An innovative and environmentally friendly green infrastructure test bed received the finishing touches on June 15 when volunteers planted and mulched over 2,700 plugs of northeast native plants near the sidewalk between the Lily Pond and Whitman Hall.
The project was led by Professor of Earth and Environmental Sciences and Associate Director of the Science and Resiliency Institute at Jamaica Bay Jennifer Cherrier, the Aquatic Research and Environmental Assessment Center, the Office of Environmental Health and Safety/Sustainability, along with support from the college’s Facilities, Planning and Operations, and student, staff and faculty volunteers, including Professor of Television, Radio & Emerging Media Katherine G. Fry.
“Our campus has been long prized for its beauty. Beyond adding lush meadow greenery, Professor Cherrier’s ecoWEIR test bed bolsters biodiversity and offers transformative learning and research opportunities. This and other green space initiatives epitomize our commitment to a sustainable campus,” said Carrie Sadovnik, Director of the Office of Environmental Health and Safety/Sustainability.
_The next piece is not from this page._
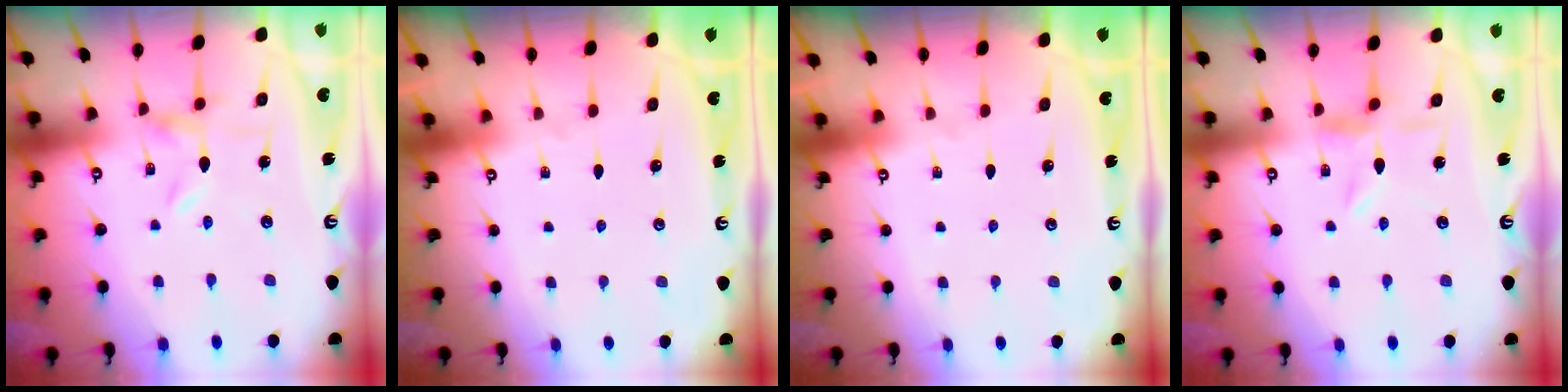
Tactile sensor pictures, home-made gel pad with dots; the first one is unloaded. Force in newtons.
{"total": 0.0}
{"total": 0.0}
{"total": 2.1, "press": 2.1, "slide": 0.3}

The approximately 455 square-feet test bed of drought and flood-resilient plants, which also attract pollinators to further aid the environment, was designed by Local Office Landscape and Urban Design, a Brooklyn-based and minority-owned design firm, in consultation with Cherrier. The site will be used for interdisciplinary research by both students and faculty and functions both as a traditional green infrastructure rain garden—similar to what is currently being installed by the NYC Department of Environmental Protection throughout New York City—as well as a green infrastructure called ecoWEIR, a hybrid system developed by Cherrier’s research.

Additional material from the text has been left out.